My car is a Toyota Corolla 2007. No accidents, dents or anything. Normal usage


----------



## Stygge (Jan 9, 2016)

avguste said:


> I would agree that 9 of the trips had probably 4 and below rating.
> 
> -The car is not dirty. Had it cleaned last week and smells good. Just in case, late this week or next week, I am receiving my new seat covers and new floor mats.
> -getting lost or missed a turn does happen sometimes. And I do have the habit of apologizing.......
> ...


It's definitely the holder. Go get one right now! I have a vent mounted but both cars and drivers are different so try to figure out what suits you. Go get it NOW!


----------



## Beur (Apr 14, 2015)

Stygge I'm impressed with your math skills when it comes to ratings. That's one skill I don't have.


----------



## dnlbaboof (Nov 13, 2015)

avguste said:


> no smoker. Have a phone charger up front for both Iphone and Android.
> My car is a Toyota Corolla 2007. No accidents, dents or anything. Normal usage


put the phone charger in the back, if thats where they usually sit, buy a organizer from ebay that hangs from the car headrest and put in there, maybe add mints and waters for these worthless boobs, also find out what the minimum rating is for your city


----------



## Just Another Uber Drive (Jul 15, 2015)

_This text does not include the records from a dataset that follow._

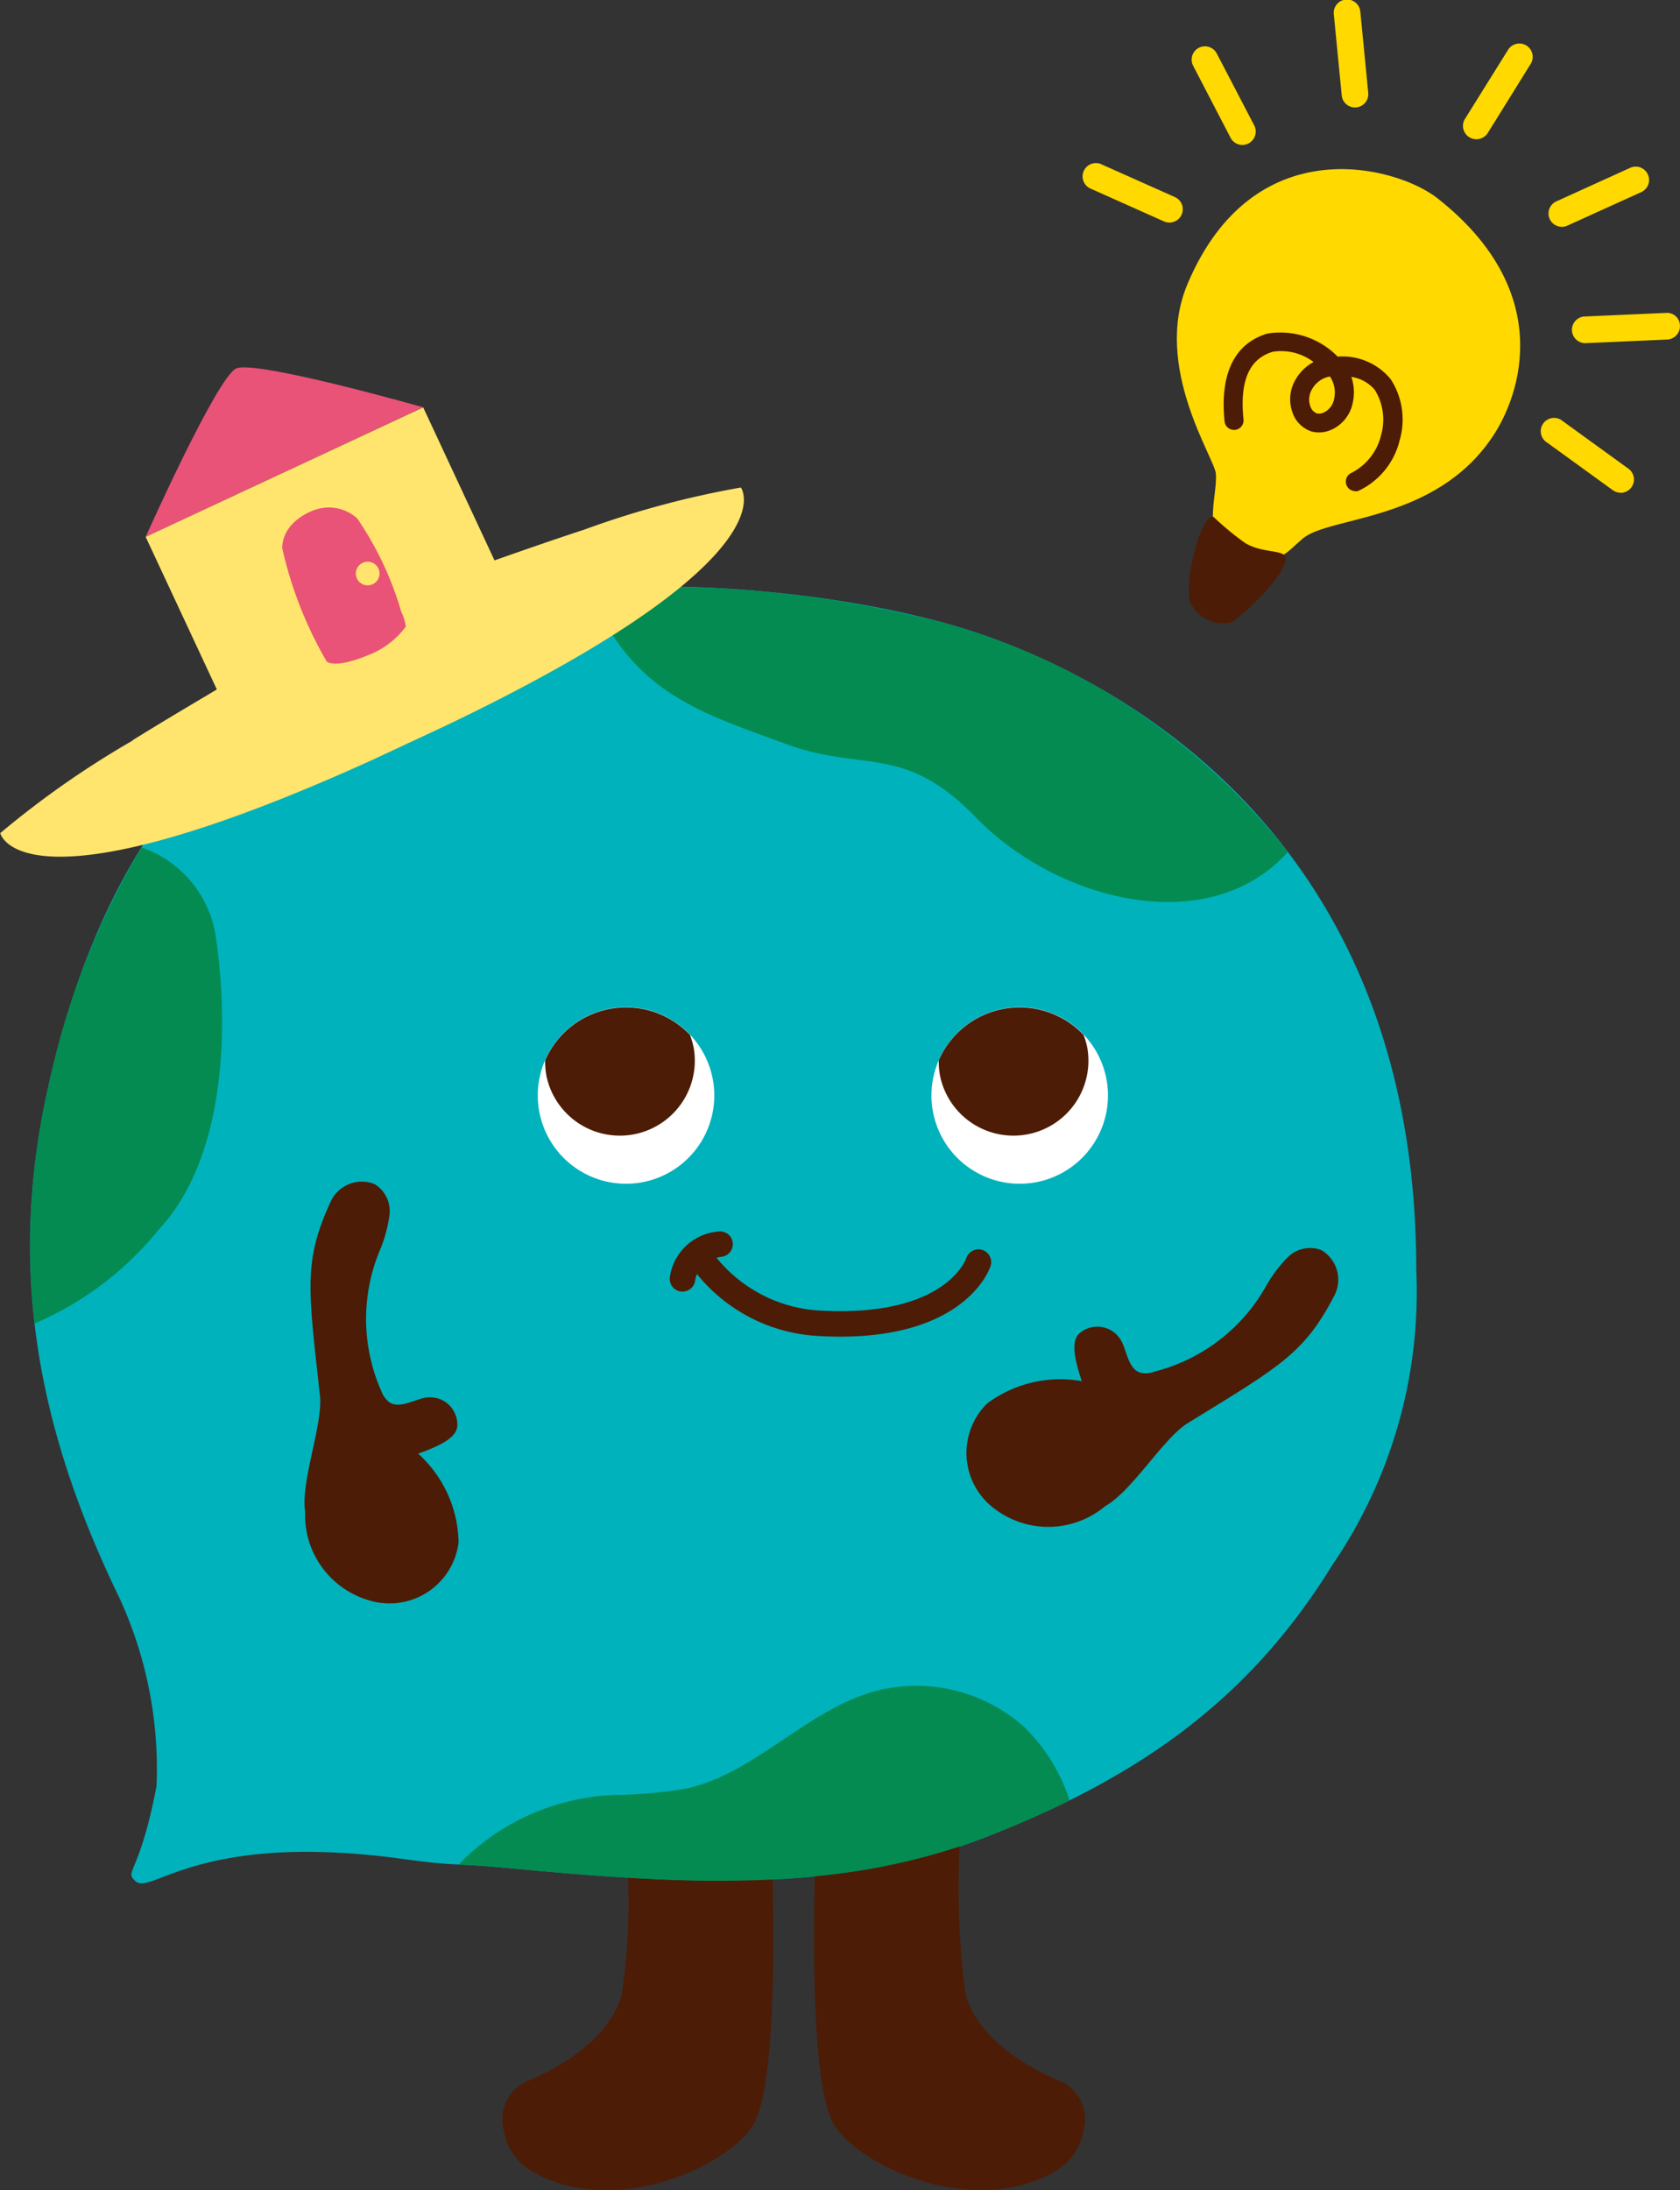 <svg id="グループ_250" data-name="グループ 250" xmlns="http://www.w3.org/2000/svg" xmlns:xlink="http://www.w3.org/1999/xlink" width="46.903" height="61.127" viewBox="0 0 46.903 61.127">
  <rect x="0" y="0" width="46.903" height="61.127" fill="#333333" stroke="none"/>
  <defs>
    <clipPath id="clip-path">
      <rect id="長方形_102" data-name="長方形 102" width="46.903" height="61.127" fill="none"/>
    </clipPath>
  </defs>
  <g id="グループ_249" data-name="グループ 249" transform="translate(0)">
    <g id="グループ_248" data-name="グループ 248" clip-path="url(#clip-path)">
      <path id="パス_1036" data-name="パス 1036" d="M157.917,442.215c.826-1.217,1.76-4.1-1.527-6.683-1.149-.9-5.133-1.971-6.975,2.4-.972,2.3.758,4.854.793,5.288.056.7-.5,1.888.675,2.238.238.072.457.233.7.19.573-.1.607-.235,1.049-.613.735-.63,3.683-.46,5.282-2.817" transform="translate(-116.263 -430.002)" fill="#ffd900"/>
      <path id="パス_1037" data-name="パス 1037" d="M154.3,444.4a.267.267,0,0,1-.137-.495,1.594,1.594,0,0,0,.856-1.066,1.572,1.572,0,0,0-.174-1.264,1.053,1.053,0,0,0-.655-.363,1.343,1.343,0,0,1,.038.723,1.042,1.042,0,0,1-.643.771.833.833,0,0,1-.5.031.842.842,0,0,1-.55-.565,1.084,1.084,0,0,1,.1-.892,1.278,1.278,0,0,1,.5-.484,1.5,1.5,0,0,0-1.138-.286c-.658.194-.926.809-.819,1.879a.266.266,0,1,1-.529.052c-.166-1.675.56-2.252,1.2-2.44a2.241,2.241,0,0,1,1.959.645,1.735,1.735,0,0,1,1.484.635,2.069,2.069,0,0,1,.246,1.7,2.1,2.1,0,0,1-1.1,1.386.273.273,0,0,1-.136.039m-.71-3.206-.04.008a.709.709,0,0,0-.456.341.564.564,0,0,0-.059.462.33.33,0,0,0,.188.22.32.32,0,0,0,.177-.018.518.518,0,0,0,.307-.39.794.794,0,0,0-.118-.622" transform="translate(-116.462 -430.692)" fill="#4d1c06"/>
      <path id="パス_1038" data-name="パス 1038" d="M150.2,445.91c-.337-.117-.791,1.61-.676,2.328a1.006,1.006,0,0,0,1.168.613c.238-.11,1.6-1.375,1.513-1.813-.047-.227-.668-.108-1.145-.414a8.025,8.025,0,0,1-.861-.714" transform="translate(-116.315 -431.48)" fill="#4d1c06"/>
      <path id="パス_1039" data-name="パス 1039" d="M162.214,440.19h.016l2.261-.1a.373.373,0,0,0,.356-.389.36.36,0,0,0-.388-.355l-2.262.1a.372.372,0,0,0,.016.745" transform="translate(-117.946 -430.613)" fill="#ffd900"/>
      <path id="パス_1040" data-name="パス 1040" d="M163.059,444.817a.372.372,0,0,0,.22-.673l-1.835-1.329a.372.372,0,1,0-.436.6l1.835,1.329a.366.366,0,0,0,.217.07" transform="translate(-117.815 -431.062)" fill="#ffd900"/>
      <path id="パス_1041" data-name="パス 1041" d="M161.448,436.322a.371.371,0,0,0,.154-.033l2.063-.936a.372.372,0,0,0-.308-.678l-2.062.936a.372.372,0,0,0,.154.711" transform="translate(-117.844 -429.991)" fill="#ffd900"/>
      <path id="パス_1042" data-name="パス 1042" d="M151.013,433.525a.367.367,0,0,0,.172-.043.372.372,0,0,0,.159-.5l-1.047-2.009a.371.371,0,1,0-.659.343l1.045,2.01a.373.373,0,0,0,.33.2" transform="translate(-116.327 -429.48)" fill="#ffd900"/>
      <path id="パス_1043" data-name="パス 1043" d="M148.507,436.187a.372.372,0,0,0,.153-.712l-2.069-.923a.372.372,0,0,0-.3.68l2.067.923a.39.39,0,0,0,.151.032" transform="translate(-115.86 -429.975)" fill="#ffd900"/>
      <path id="パス_1044" data-name="パス 1044" d="M154.761,432.28l.037,0a.371.371,0,0,0,.332-.407l-.22-2.254a.372.372,0,1,0-.74.072l.22,2.255a.371.371,0,0,0,.37.336" transform="translate(-116.931 -429.283)" fill="#ffd900"/>
      <path id="パス_1045" data-name="パス 1045" d="M158.7,433.354a.375.375,0,0,0,.317-.174l1.195-1.923a.372.372,0,1,0-.631-.394l-1.2,1.923a.372.372,0,0,0,.316.568" transform="translate(-117.481 -429.468)" fill="#ffd900"/>
      <path id="パス_1046" data-name="パス 1046" d="M114.691,476.315c-2.263-4.691-3.1-9.132-1.956-14.214s3.508-9.561,8.686-12.372c4.012-2.179,11.607-1.865,16.367-.557,3.65,1,13.138,5.122,13.138,18.038a13.506,13.506,0,0,1-2.338,8.239c-2.367,3.846-5.517,5.985-9.726,7.618s-8.826,1.26-13.322.843c-1.6-.148-1.336-.034-2.923-.252-5.654-.773-7.007,1.016-7.442.628-.341-.3.1-.144.581-2.657a11.4,11.4,0,0,0-1.064-5.315" transform="translate(-111.386 -431.776)" fill="#00b2bc"/>
      <path id="パス_1047" data-name="パス 1047" d="M123.2,473.139a.733.733,0,0,0,.2.287c.267.207.649-.023.978-.1a.762.762,0,0,1,.942.728c.016.314-.324.552-1.094.823a3.414,3.414,0,0,1,1.129,2.478,1.942,1.942,0,0,1-2.484,1.621,2.476,2.476,0,0,1-1.8-2.478c-.128-.851.5-2.437.414-3.235-.321-2.937-.471-3.739.281-5.378a.958.958,0,0,1,1.244-.531.885.885,0,0,1,.416.863,3.966,3.966,0,0,1-.242.921,4.973,4.973,0,0,0,.017,4" transform="translate(-112.552 -434.305)" fill="#4d1c06"/>
      <path id="パス_1048" data-name="パス 1048" d="M147.571,472.885a.761.761,0,0,1-.35.02c-.328-.083-.379-.528-.52-.836a.764.764,0,0,0-1.154-.3c-.259.181-.237.594.023,1.369a3.41,3.41,0,0,0-2.649.629,1.941,1.941,0,0,0,.245,2.956,2.476,2.476,0,0,0,3.062-.1c.752-.422,1.617-1.891,2.3-2.313,2.515-1.551,3.24-1.923,4.072-3.522a.959.959,0,0,0-.344-1.309.881.881,0,0,0-.935.2,3.845,3.845,0,0,0-.578.756,4.979,4.979,0,0,1-3.17,2.443" transform="translate(-115.368 -434.589)" fill="#4d1c06"/>
      <path id="パス_1049" data-name="パス 1049" d="M144.114,466.567a2.464,2.464,0,1,0-2.853-2,2.464,2.464,0,0,0,2.853,2" transform="translate(-115.219 -433.565)" fill="#fff"/>
      <path id="パス_1050" data-name="パス 1050" d="M141.49,463.561a2.126,2.126,0,0,1-.03-.4,2.462,2.462,0,0,1,4.042-.712,2.06,2.06,0,0,1,.11.39,2.093,2.093,0,0,1-4.122.726" transform="translate(-115.251 -433.565)" fill="#4d1c06"/>
      <path id="パス_1051" data-name="パス 1051" d="M131.45,466.567a2.464,2.464,0,1,0-2.854-2,2.464,2.464,0,0,0,2.854,2" transform="translate(-113.545 -433.565)" fill="#fff"/>
      <path id="パス_1052" data-name="パス 1052" d="M128.827,463.561a2.058,2.058,0,0,1-.03-.4,2.462,2.462,0,0,1,4.042-.712,2.129,2.129,0,0,1,.11.39,2.093,2.093,0,0,1-4.122.726" transform="translate(-113.577 -433.565)" fill="#4d1c06"/>
      <path id="パス_1053" data-name="パス 1053" d="M132.807,470.17a1.489,1.489,0,0,1,1.364-1.279.355.355,0,1,1,.075.706.914.914,0,0,0-.134.027,4,4,0,0,0,2.835,1.471c3.5.211,4.11-1.383,4.138-1.461a.356.356,0,0,1,.677.223c-.029.085-.678,1.969-4.2,1.969-.206,0-.422-.006-.649-.021a4.67,4.67,0,0,1-3.349-1.727.666.666,0,0,0-.048.174.355.355,0,0,1-.352.316l-.043,0a.357.357,0,0,1-.312-.4" transform="translate(-114.107 -434.519)" fill="#4d1c06"/>
      <path id="パス_1054" data-name="パス 1054" d="M115.335,456.538a3.115,3.115,0,0,1,2.074,2.484c.378,2.547.281,6.18-1.6,8.192a8.991,8.991,0,0,1-3.456,2.611,19.568,19.568,0,0,1,.385-6.614,21.6,21.6,0,0,1,2.6-6.673" transform="translate(-111.386 -432.886)" fill="#038b52"/>
      <path id="パス_1055" data-name="パス 1055" d="M143.073,486.7c-.756.374-1.551.72-2.387,1.045-4.21,1.634-8.825,1.259-13.321.843-.7-.065-1.041-.08-1.338-.093.026-.033.052-.069.081-.1a6.382,6.382,0,0,1,4.375-1.849,12.817,12.817,0,0,0,1.888-.176c1.945-.432,3.359-2.2,5.28-2.721a4.513,4.513,0,0,1,4.158,1.007,5.02,5.02,0,0,1,1.264,2.046" transform="translate(-113.211 -436.45)" fill="#038b52"/>
      <path id="パス_1056" data-name="パス 1056" d="M130.212,448.2a32.4,32.4,0,0,1,9.954.975,18.4,18.4,0,0,1,9.551,6.384c-2.217,2.455-6.441,1.367-8.712-.973-2.009-2.071-3.115-1.245-5.294-2.044-2.436-.894-4.36-1.45-5.5-4.343" transform="translate(-113.764 -431.776)" fill="#038b52"/>
      <path id="パス_1057" data-name="パス 1057" d="M123.692,442.213s-4.685-1.332-5.222-1.083-2.526,4.7-2.526,4.7Z" transform="translate(-111.878 -430.845)" fill="#e95377"/>
      <path id="パス_1058" data-name="パス 1058" d="M114.957,451.677c.937-.581,1.821-1.1,2.355-1.419L115.325,446l7.748-3.614,1.991,4.27c.59-.209,1.52-.535,2.52-.864a25.642,25.642,0,0,1,4.358-1.17s.377.495-.465,1.574-2.9,2.741-7.784,5.077l-1.019.475-1.017.475c-4.926,2.237-7.525,2.748-8.892,2.7s-1.5-.655-1.5-.655a25.7,25.7,0,0,1,3.7-2.586" transform="translate(-111.258 -431.015)" fill="#ffe56d"/>
      <path id="パス_1059" data-name="パス 1059" d="M121.571,449.889a11.1,11.1,0,0,1-1.231-3.14l0-.065c.053-.721.862-.993.862-.993a1.18,1.18,0,0,1,1.231.221,9.143,9.143,0,0,1,1.23,2.609,1.364,1.364,0,0,1,.126.409,2.333,2.333,0,0,1-.968.764c-1.068.455-1.253.2-1.253.2" transform="translate(-112.459 -431.442)" fill="#e95377"/>
      <path id="パス_1060" data-name="パス 1060" d="M122.738,447.818a.33.33,0,1,0,.159-.438.329.329,0,0,0-.159.438" transform="translate(-112.772 -431.671)" fill="#ffe56d"/>
      <path id="パス_1061" data-name="パス 1061" d="M141.675,492.784c.149.573.7,1.587,2.557,2.4a1.166,1.166,0,0,1,.745,1.39,1.66,1.66,0,0,1-.756,1.14c-2.2,1.305-5.235.008-6.114-1.129-.2-.255-.778-1-.64-7.081a18.337,18.337,0,0,0,4.043-.833,23,23,0,0,0,.165,4.113" transform="translate(-114.72 -437.134)" fill="#4d1c06"/>
      <path id="パス_1062" data-name="パス 1062" d="M134.965,489.723c.13,6-.444,6.741-.641,7-.88,1.137-3.918,2.433-6.115,1.128a1.657,1.657,0,0,1-.756-1.14,1.167,1.167,0,0,1,.745-1.391c1.856-.811,2.408-1.827,2.558-2.4a17.231,17.231,0,0,0,.171-3.241,36.5,36.5,0,0,0,4.038.048" transform="translate(-113.395 -437.267)" fill="#4d1c06"/>
    </g>
  </g>
</svg>

It is definitely the lack of a phone holder and the navigation errors. 

A driver checking their phone during a ride looks clumsy and amateurish, possibly even dangerous.

If the phone is mounted you can reach over and interact with your phone and it just looks like you know what you're doing.... unless you look like you are not paying attention to the road.

Definitely get a phone mount, and consider getting a Bluetooth earpiece so you can get the navigation silently.

You don't have enough rides to have accurate ratings yet. They are going to continue to fluctuate up and down for awhile until you do more rides. Don't sweat it.


----------



## avguste (Apr 7, 2016)

I just got a phone mount (cheap one) for one of the air vent and it definitely helps. 
But I don't like that specific one at all. Which one are you all using?
I have a ear piece already, so I am the only one that hears the GPS.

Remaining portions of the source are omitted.